Ends and Means

Also known as “purpose and means”. Categories that reflect the relation between two factors peculiar to human practical and cognitive activity. It is a fundamental feature of the social movement that is peculiar to and different from the motion of matter in nature that subjects pursue intended aims with the help of certain means. The end is the result of the activity that the subject expects to achieve; the means is the tool, intermediary and method and way by which the subject achieves its end.

Marx’s analysis of the labor-process revealed the purposive factor peculiar to human activity. He said: “But what distinguishes the worst architect from the best of bees is this, that the architect raises his structure in imagination before he erects it in reality. At the end of every labor-process, we get a result that already existed in the imagination of the laborer at its commencement. He not only effects a change of form in the material on which he works, but he also realizes a purpose of his own that gives the law to his modus operandi, and to which he must subordinate his will.” The end is the anticipated result of the activity established in the form of an idea, not subjectively self-generated in the human brain, but the reflection of the objective being.

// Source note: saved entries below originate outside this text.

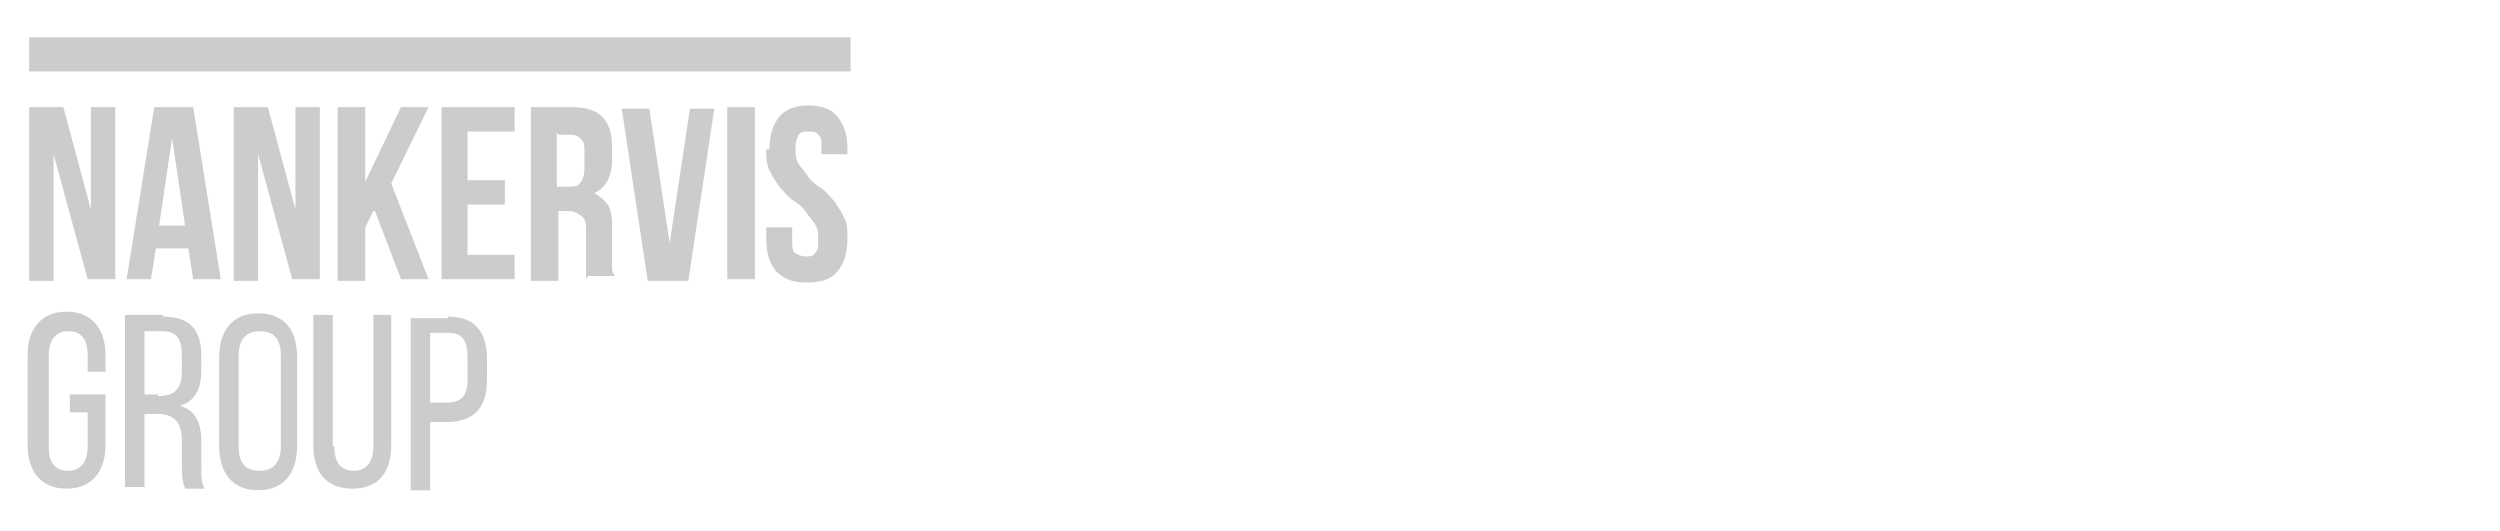 <?xml version="1.0" encoding="UTF-8"?>
<svg id="Layer_1" xmlns="http://www.w3.org/2000/svg" version="1.1" viewBox="0 0 154 32.7">
  <!-- Generator: Adobe Illustrator 29.1.0, SVG Export Plug-In . SVG Version: 2.1.0 Build 142)  -->
  <defs>
    <style>
      .st0 {
        fill: #ccc;
      }
    </style>
  </defs>
  <g>
    <path class="st0" d="M3.3,9.6v7.7h-1.5V6.6h2.1l1.7,6.3v-6.3h1.5v10.6h-1.7l-2.1-7.7Z"/>
    <path class="st0" d="M13.6,17.2h-1.7l-.3-1.9h-2l-.3,1.9h-1.5l1.7-10.6h2.4l1.7,10.6ZM9.8,13.9h1.6l-.8-5.4-.8,5.4Z"/>
    <path class="st0" d="M15.9,9.6v7.7h-1.5V6.6h2.1l1.7,6.3v-6.3h1.5v10.6h-1.7l-2.1-7.7Z"/>
    <path class="st0" d="M23,13l-.5,1v3.3h-1.7V6.6h1.7v4.6l2.2-4.6h1.7l-2.3,4.7,2.3,5.9h-1.7l-1.6-4.2Z"/>
    <path class="st0" d="M28.8,11.1h2.3v1.5h-2.3v3.1h2.9v1.5h-4.5V6.6h4.5v1.5h-2.9v2.9Z"/>
    <path class="st0" d="M36.1,17.2c0,0,0-.1,0-.2,0,0,0-.1,0-.2,0,0,0-.2,0-.3,0-.1,0-.3,0-.5v-1.7c0-.5,0-.8-.3-1s-.4-.3-.8-.3h-.6v4.3h-1.7V6.6h2.5c.9,0,1.5.2,1.9.6s.6,1,.6,1.8v.8c0,1.1-.4,1.8-1.1,2.1.4.2.7.5.9.8.2.4.2.9.2,1.4v1.6c0,.3,0,.5,0,.7,0,.2,0,.4.2.6h-1.7ZM34.3,8.2v3.3h.7c.3,0,.6,0,.7-.2.2-.2.3-.5.3-.9v-1c0-.4,0-.7-.2-.8-.1-.2-.4-.3-.6-.3h-.8Z"/>
    <path class="st0" d="M41.2,15.3l1.3-8.6h1.5l-1.6,10.6h-2.5l-1.6-10.6h1.7l1.3,8.6Z"/>
    <path class="st0" d="M44.8,6.6h1.7v10.6h-1.7V6.6Z"/>
    <path class="st0" d="M47.4,9.2c0-.9.2-1.5.6-2,.4-.5,1-.7,1.8-.7s1.4.2,1.8.7c.4.5.6,1.1.6,2v.3h-1.6v-.4c0-.4,0-.7-.2-.8-.1-.2-.4-.2-.6-.2s-.5,0-.6.2-.2.4-.2.8,0,.7.2,1c.2.3.4.5.6.8s.5.5.8.7.5.5.8.8c.2.3.4.6.6,1,.2.4.2.8.2,1.3,0,.9-.2,1.5-.6,2-.4.5-1,.7-1.9.7s-1.4-.2-1.9-.7c-.4-.5-.6-1.1-.6-2v-.7h1.6v.8c0,.4,0,.7.2.8s.4.2.6.2.5,0,.6-.2c.2-.2.2-.4.2-.8s0-.7-.2-1-.4-.5-.6-.8-.5-.5-.8-.7c-.3-.2-.5-.5-.8-.8-.2-.3-.4-.6-.6-1-.2-.4-.2-.8-.2-1.3Z"/>
  </g>
  <g>
    <path class="st0" d="M6.5,22v.9h-1.1v-1c0-1-.4-1.5-1.2-1.5s-1.2.6-1.2,1.5v5.6c0,1,.4,1.5,1.2,1.5s1.2-.6,1.2-1.5v-2.1h-1.1v-1.1h2.2v3.1c0,1.6-.8,2.7-2.4,2.7s-2.4-1.1-2.4-2.7v-5.5c0-1.6.8-2.7,2.4-2.7s2.4,1.1,2.4,2.7Z"/>
    <path class="st0" d="M10,19.5c1.7,0,2.4.8,2.4,2.4v.9c0,1.2-.4,1.9-1.3,2.2,1,.3,1.3,1.1,1.3,2.2v1.6c0,.5,0,.9.2,1.3h-1.2c-.1-.3-.2-.6-.2-1.3v-1.7c0-1.2-.6-1.6-1.5-1.6h-.8v4.5h-1.2v-10.6h2.4ZM9.7,24.4c.9,0,1.5-.3,1.5-1.5v-1c0-1-.3-1.5-1.2-1.5h-1.1v3.9h.9Z"/>
    <path class="st0" d="M13.5,22c0-1.6.8-2.7,2.4-2.7s2.4,1,2.4,2.7v5.5c0,1.6-.8,2.7-2.4,2.7s-2.4-1.1-2.4-2.7v-5.5ZM14.7,27.5c0,1,.4,1.5,1.3,1.5s1.3-.6,1.3-1.5v-5.6c0-1-.4-1.5-1.3-1.5s-1.3.6-1.3,1.5v5.6Z"/>
    <path class="st0" d="M20.6,27.5c0,1,.4,1.5,1.2,1.5s1.2-.6,1.2-1.5v-8.1h1.1v8c0,1.6-.7,2.7-2.4,2.7s-2.4-1.1-2.4-2.7v-8h1.2v8.1Z"/>
    <path class="st0" d="M27.6,19.5c1.7,0,2.4,1,2.4,2.6v1.3c0,1.7-.8,2.6-2.5,2.6h-1v4.2h-1.2v-10.6h2.3ZM27.5,24.8c.9,0,1.3-.4,1.3-1.4v-1.4c0-1-.3-1.5-1.2-1.5h-1.1v4.3h1Z"/>
  </g>
  <rect class="st0" x="1.8" y="2.3" width="50.6" height="2.1"/>
</svg>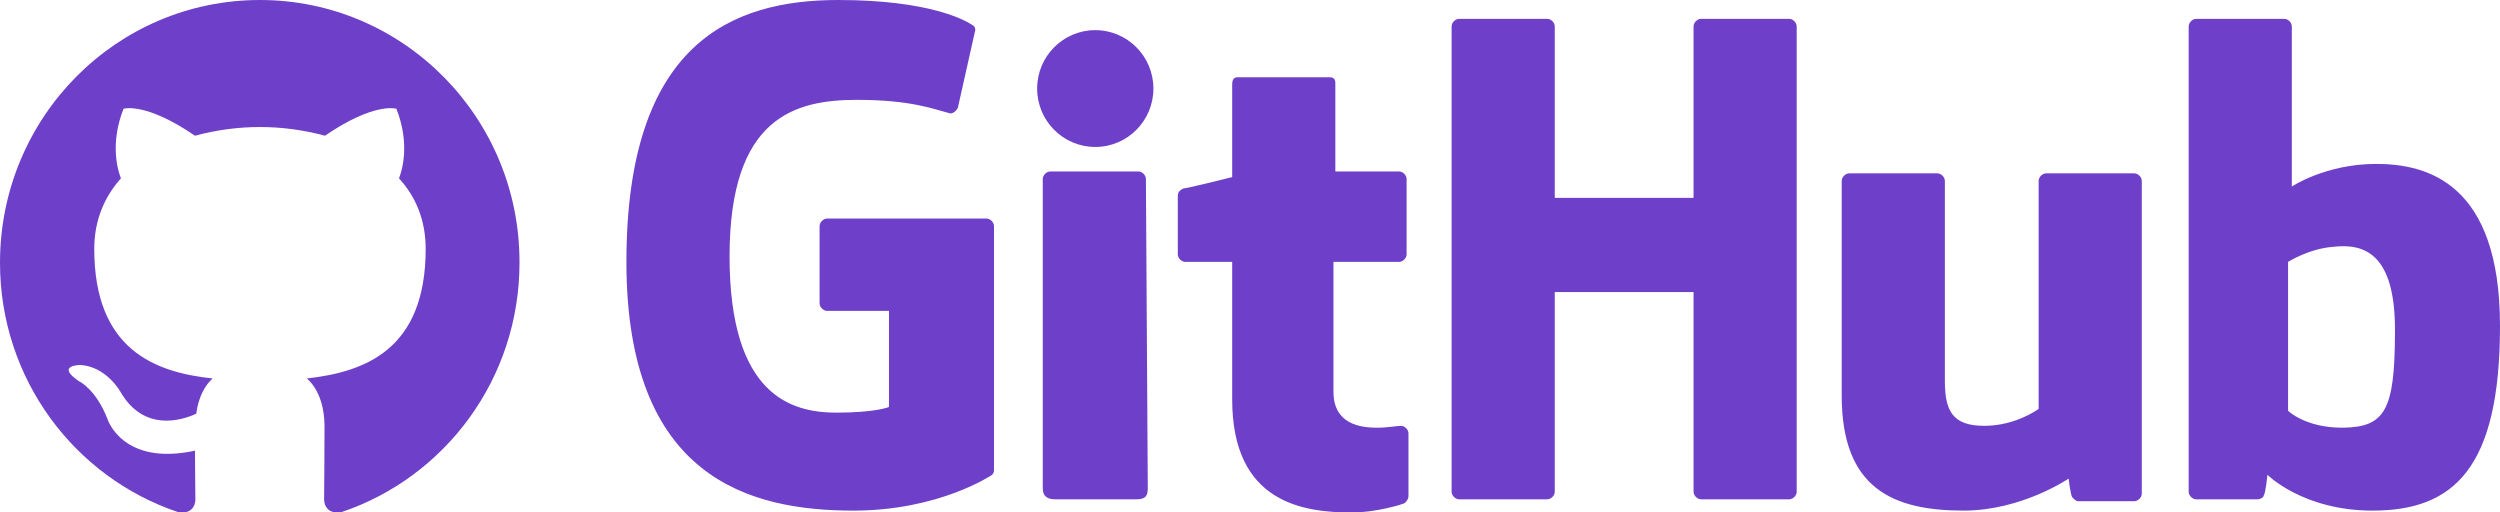 <?xml version="1.0" encoding="UTF-8"?>
<svg width="200px" height="41px" viewBox="0 0 200 41" version="1.1" xmlns="http://www.w3.org/2000/svg" xmlns:xlink="http://www.w3.org/1999/xlink">
    <title>github</title>
    <g id="Page-3" stroke="none" stroke-width="1" fill="none" fill-rule="evenodd">
        <g id="Artboard" transform="translate(-1233, -2164)" fill="#6E40C9">
            <g id="github" transform="translate(1233, 2164)">
                <path d="M20.797,0 C9.297,0 0,9.396 0,21.02 C0,30.311 5.957,38.176 14.221,40.96 C15.254,41.169 15.632,40.508 15.632,39.951 C15.632,39.464 15.598,37.794 15.598,36.053 C9.813,37.306 8.608,33.548 8.608,33.548 C7.678,31.112 6.301,30.486 6.301,30.486 C4.407,29.198 6.439,29.198 6.439,29.198 C8.539,29.337 9.641,31.355 9.641,31.355 C11.5,34.557 14.496,33.652 15.701,33.095 C15.873,31.738 16.425,30.799 17.01,30.277 C12.396,29.789 7.541,27.98 7.541,19.906 C7.541,17.609 8.367,15.73 9.675,14.268 C9.469,13.746 8.746,11.588 9.882,8.7 C9.882,8.7 11.638,8.143 15.598,10.858 C17.293,10.398 19.041,10.164 20.797,10.162 C22.553,10.162 24.344,10.405 25.997,10.858 C29.956,8.143 31.712,8.7 31.712,8.7 C32.849,11.588 32.125,13.746 31.919,14.268 C33.262,15.73 34.054,17.609 34.054,19.906 C34.054,27.98 29.199,29.754 24.55,30.277 C25.308,30.938 25.962,32.19 25.962,34.174 C25.962,36.993 25.928,39.255 25.928,39.951 C25.928,40.508 26.307,41.169 27.34,40.961 C35.603,38.176 41.56,30.311 41.56,21.02 C41.594,9.396 32.263,0 20.797,0 Z" id="Path"></path>
                <path d="M106.377,6.18 C106.677,6.18 106.827,6.331 106.827,6.632 L106.827,13.717 L111.928,13.717 C112.228,13.717 112.528,14.018 112.528,14.32 L112.528,20.349 C112.528,20.651 112.228,20.952 111.928,20.952 L106.677,20.952 L106.677,31.353 C106.677,33.011 107.577,34.217 110.128,34.217 C111.028,34.217 111.778,34.066 112.078,34.066 C112.378,34.066 112.678,34.368 112.678,34.669 L112.678,39.643 C112.678,39.945 112.528,40.096 112.378,40.246 C112.078,40.397 109.977,41 108.177,41 C104.276,41 98.575,40.246 98.575,31.956 L98.575,20.952 L94.824,20.952 C94.524,20.952 94.224,20.651 94.224,20.349 L94.224,15.676 C94.224,15.375 94.374,15.224 94.674,15.074 C94.974,15.074 98.575,14.169 98.575,14.169 L98.575,6.783 C98.575,6.331 98.725,6.18 99.025,6.18 Z M67.067,0 C74.419,0 77.269,1.658 77.719,1.96 C78.02,2.11 78.02,2.261 78.02,2.412 L76.669,8.441 C76.669,8.743 76.219,9.195 75.919,9.044 C74.719,8.743 72.918,7.989 68.567,7.989 C63.616,7.989 58.365,9.346 58.365,20.5 C58.365,31.654 63.316,33.011 66.917,33.011 C70.068,33.011 71.118,32.559 71.118,32.559 L71.118,24.871 L66.167,24.871 C65.866,24.871 65.566,24.57 65.566,24.268 L65.566,18.088 C65.566,17.787 65.866,17.485 66.167,17.485 L78.92,17.485 C79.22,17.485 79.52,17.787 79.52,18.088 L79.52,37.533 C79.52,37.684 79.52,37.835 79.37,37.985 C79.37,37.985 75.169,40.849 68.267,40.849 C60.015,40.849 50.113,38.287 50.113,20.952 C50.113,3.467 58.515,0 67.067,0 Z M154.989,13.868 C155.289,13.868 155.589,14.169 155.589,14.471 L155.589,30.449 C155.589,32.86 156.189,34.066 158.74,34.066 C161.29,34.066 163.091,32.71 163.091,32.71 L163.091,14.471 C163.091,14.169 163.391,13.868 163.691,13.868 L170.743,13.868 C171.043,13.868 171.343,14.169 171.343,14.471 L171.343,39.493 C171.343,39.794 171.043,40.096 170.743,40.096 L166.242,40.096 C166.092,40.096 165.941,39.945 165.791,39.794 C165.641,39.643 165.491,38.287 165.491,38.287 C165.491,38.287 161.74,40.849 157.089,40.849 C151.388,40.849 147.337,39.04 147.337,31.654 L147.337,14.471 C147.337,14.169 147.637,13.868 147.937,13.868 Z M182.746,1.507 C183.046,1.507 183.346,1.809 183.346,2.11 L183.346,14.923 C183.346,14.923 186.047,13.114 190.098,13.114 C194.149,13.114 200,14.621 200,26.077 C200,37.533 196.249,40.849 189.797,40.849 C184.246,40.849 181.395,37.985 181.395,37.985 C181.395,37.985 181.245,39.493 181.095,39.643 C181.095,39.794 180.795,39.945 180.645,39.945 L175.694,39.945 C175.394,39.945 175.094,39.643 175.094,39.342 L175.094,2.11 C175.094,1.809 175.394,1.507 175.694,1.507 Z M123.781,1.507 C124.081,1.507 124.381,1.809 124.381,2.11 L124.381,15.827 L135.484,15.827 L135.484,2.11 C135.484,1.809 135.784,1.507 136.084,1.507 L143.136,1.507 C143.436,1.507 143.736,1.809 143.736,2.11 L143.736,39.342 C143.736,39.643 143.436,39.945 143.136,39.945 L136.084,39.945 C135.784,39.945 135.484,39.643 135.484,39.342 L135.484,23.364 L124.381,23.364 L124.381,39.342 C124.381,39.643 124.081,39.945 123.781,39.945 L116.729,39.945 C116.429,39.945 116.129,39.643 116.129,39.342 L116.129,2.11 C116.129,1.809 116.429,1.507 116.729,1.507 Z M91.073,13.717 C91.373,13.717 91.673,14.018 91.673,14.32 L91.823,39.04 C91.823,39.643 91.673,39.945 90.923,39.945 L84.471,39.945 C83.871,39.945 83.421,39.794 83.421,39.04 L83.421,14.32 C83.421,14.018 83.721,13.717 84.021,13.717 Z M191.598,26.379 C191.598,20.349 189.197,19.445 186.647,19.746 C184.696,19.897 183.046,20.952 183.046,20.952 L183.046,32.86 C183.046,32.86 184.396,34.217 187.397,34.217 L187.355,34.215 L187.434,34.216 C190.812,34.169 191.571,32.797 191.597,26.715 Z M87.622,2.412 C90.191,2.412 92.273,4.504 92.273,7.085 C92.273,9.665 90.191,11.757 87.622,11.757 C85.053,11.757 82.971,9.665 82.971,7.085 C82.971,4.504 85.053,2.412 87.622,2.412 Z" id="Combined-Shape" fill-rule="nonzero"></path>
            </g>
        </g>
    </g>
</svg>

Lenin pointed out: “Men’s ends are engendered by the objective world and presuppose it.” The emergence of an end and the realization of it are both conditioned by socio-historical conditions. Men can only set an end according to certain socio-historical conditions and achieve it of their own by reshaping objective things. Men’s ends and purposive activity must conform to laws of objective things themselves because activities whose end is at odds with the laws and trend of development of objective things will fail.

The realization of an end must depend on certain means. When analyzing the labor-process, Marx said: the laborer interposes the means of labor, such as tools, between himself and the object of labor “to make other substances subservient to his aims.” Means are the intermediary used by the subject to transmit its activity to the object and change the form of the object in order to achieve its end. Means also includes the method and way for achieving an end. Making and using means is not done as one pleases. Making and using means is, in the last instance, an exploitation of the attributes of objective things and objective laws.

End and means are interconnected and interdependent. The end determines the means. The end of the subject’s activity determines the mode and method of its activity. Men make and use means in order to achieve a certain end. Here, means that are not connected with the end and cannot actually be used to achieve a certain end lose their significance as means. Setting an end and achieving it also depends on means. Means are the material conditions to achieve an end and also the actual power to achieve an end. End and means can transform into each other under certain conditions. The making of a certain means can become the end of the subject’s activity at a certain stage, and the realization of an end can become a means to pursue a new end. The reciprocal conditioning and promotion between the means and the end constitutes the history of purposive and creative human activity.

Marxism requires to dialectically unify end and means according to objective laws and historical and actual conditions and opposes a one-sided emphasis on the end or on the means. Both voluntarism which only talks about the ends regardless of actual conditions for achieving them, and pragmatism which resorts to any means for an end are erroneous. Marxism opposes the idea that “the end justifies the means”. If the means required for an end are unjustified, then the end is also unjustified.